Introduction

In United States, 21 980 new cases and 14 270 deaths of ovarian cancer were reported in 2014 according to the most recent survey by the American Cancer Society.1 It ranks fifth as the cause of cancer death in women and over 2 billion dollars are spent every year in the US on its treatment.2 In combination with surgical cytoreduction-, platinum (cisplatin or carboplatin)-based chemotherapy in combination with a taxane agent (paclitaxel or docetaxel) is a standard treatment for ovarian cancer.3, 4 Despite the therapeutic impact of platinum in conjunction with taxane agents in the management of ovarian cancer, 20–30% of patients will face grade III/IV peripheral neuropathy, 30–40% grade IV neutropenia and 20% grade III/IV gastrointestinal (GI) toxicity.5 Carboplatin/taxane-induced mucositis, diarrhea and vomiting represent a major GI toxicity that patients encountered in the SCOTROC1 trial, which recruited 1077 ovarian cancer patients to treatment with either docetaxel–carboplatin or paclitaxel–carboplatin.6 Acute GI toxicity represents a substantial negative impact on patients’ quality of life.7 However, there are no genetic markers that have been shown to be associated with a higher risk of GI toxicity after carboplatin/taxane therapy.
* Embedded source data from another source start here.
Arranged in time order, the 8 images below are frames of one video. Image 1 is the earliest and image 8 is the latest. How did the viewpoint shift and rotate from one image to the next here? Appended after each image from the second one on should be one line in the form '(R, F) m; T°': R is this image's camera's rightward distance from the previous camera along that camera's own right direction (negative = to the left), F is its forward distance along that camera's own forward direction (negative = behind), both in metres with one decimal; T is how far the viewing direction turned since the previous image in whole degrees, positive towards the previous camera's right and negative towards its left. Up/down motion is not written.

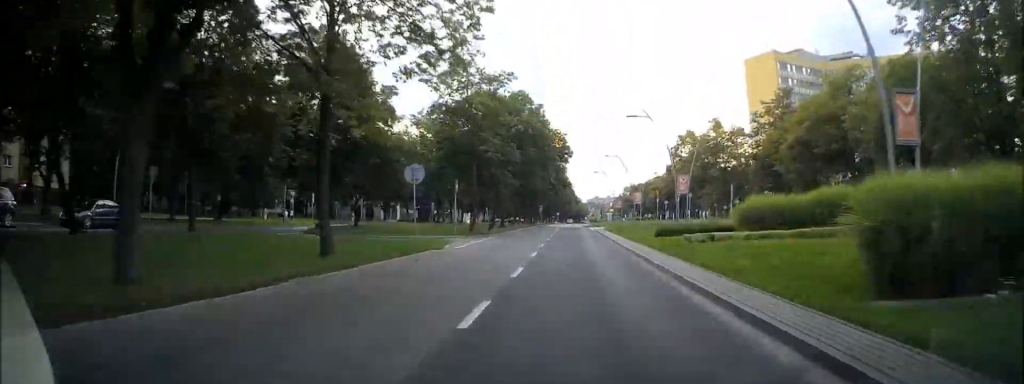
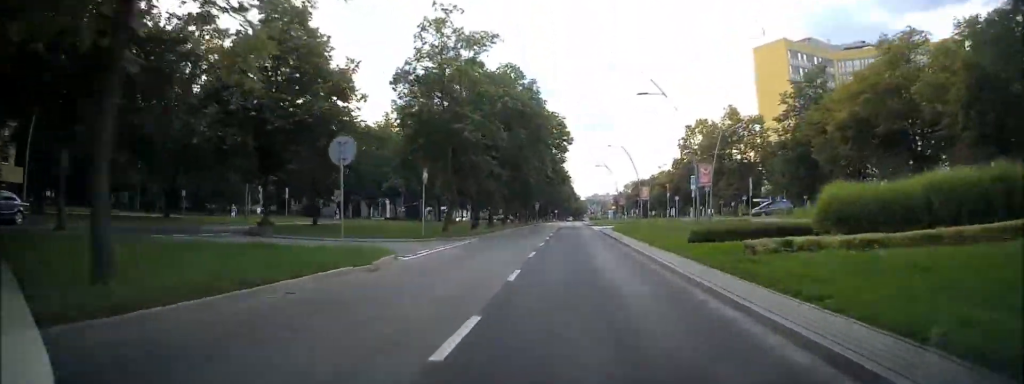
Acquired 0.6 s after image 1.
(+0.2, +7.6) m; 0°
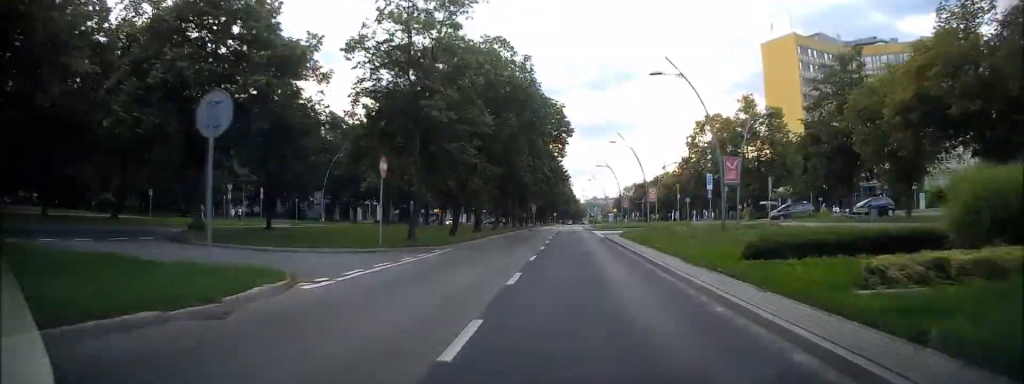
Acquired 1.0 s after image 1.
(0.0, +6.1) m; 0°
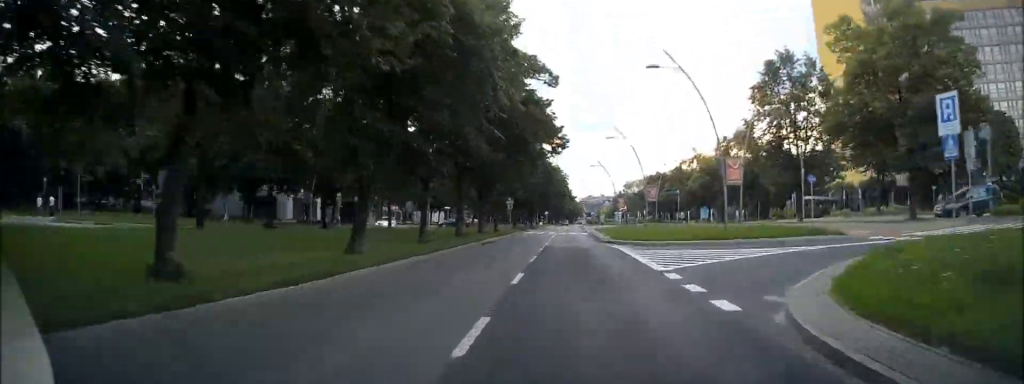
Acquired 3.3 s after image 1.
(-0.3, +29.5) m; 0°
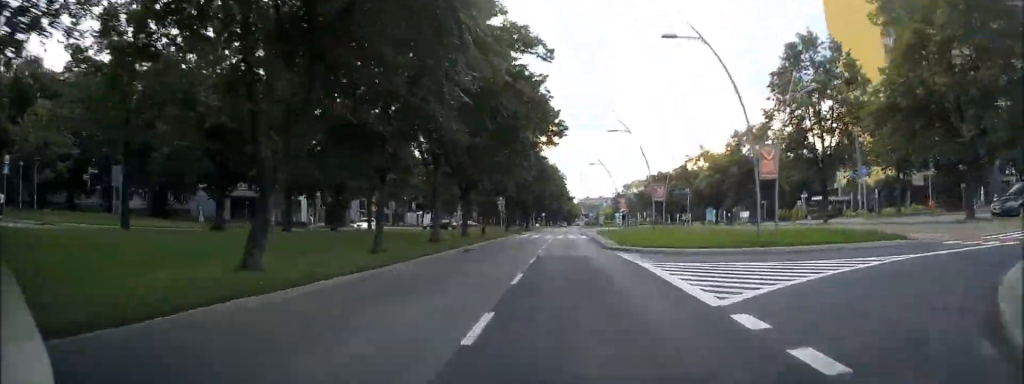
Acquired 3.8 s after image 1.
(0.0, +5.4) m; 0°
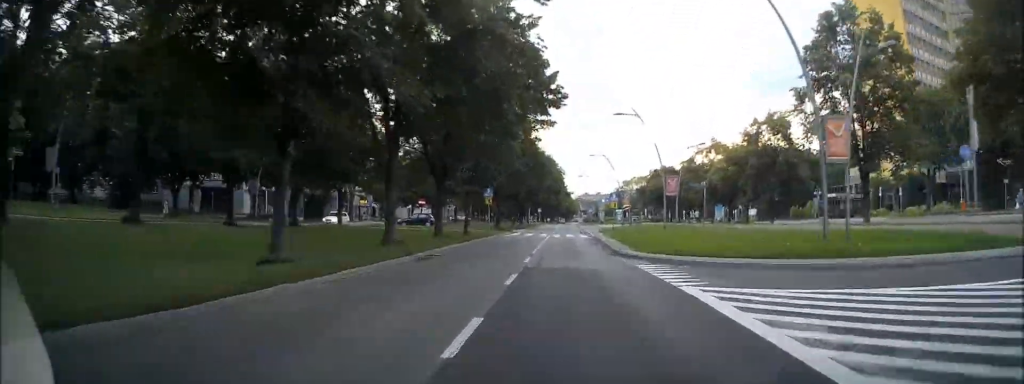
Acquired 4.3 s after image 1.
(+0.1, +6.6) m; 0°
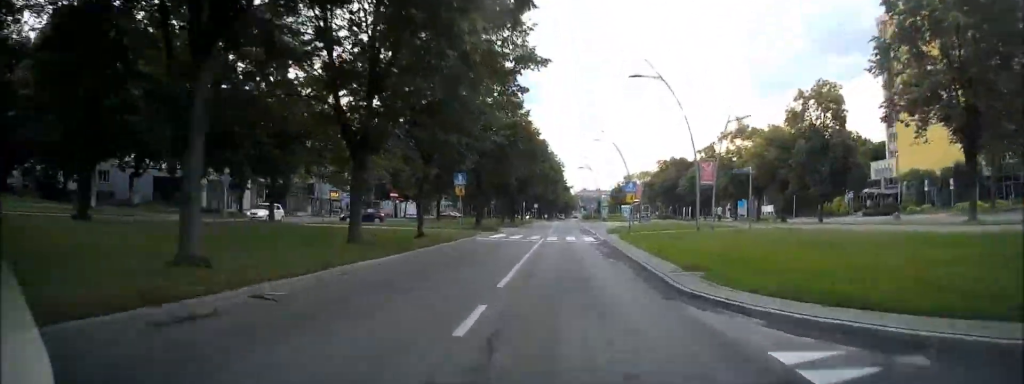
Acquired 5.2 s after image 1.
(+0.1, +11.0) m; 0°
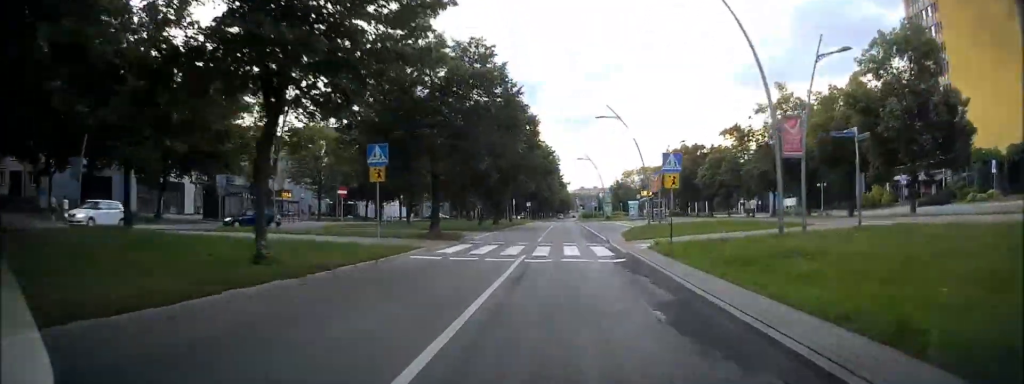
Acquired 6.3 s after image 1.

In this study, we investigated 1261 selected polymorphisms with described functional effects in 60 genes to identify any genetic variants associated with carboplatin/taxane-induced GI toxicities in ovarian cancer patients. The inclusion criteria of these genes were described previously.8 The findings of this study provide new biologic insights and potential predictive factors for risk of GI toxicity in ovarian cancer patients receiving carboplatin/taxane-based chemotherapy.

Patients and methods

Patients

A randomized phase III study, SCOTROC1, recruited 1077 ovarian cancer patients to treatment with docetaxel–carboplatin (n=539) or with paclitaxel–carboplatin (n=538).6 The trial has been described in detail previously, but is summarized here. All patients had no prior chemotherapy or radiotherapy and received six cycles of chemotherapy at 3-week intervals. Clinical response and toxicity were graded at baseline, and after cycles 3 and 6 according to Southwest Oncology Group criteria and National Cancer Institute Common Toxicity Criteria (NCI–CTC, version 2.0). Of the 1077 patient samples, 880 samples had germline DNA of sufficient quality for gene chip analysis.8 The GI toxicity including mucositis, vomiting and diarrhea was documented. Written informed consent was collected from all patients. Details of SCOTROC1 trial, patients’ demographic characteristics and clinical assessments were described previously.6 Clincal characteristics are displayed in Table 1.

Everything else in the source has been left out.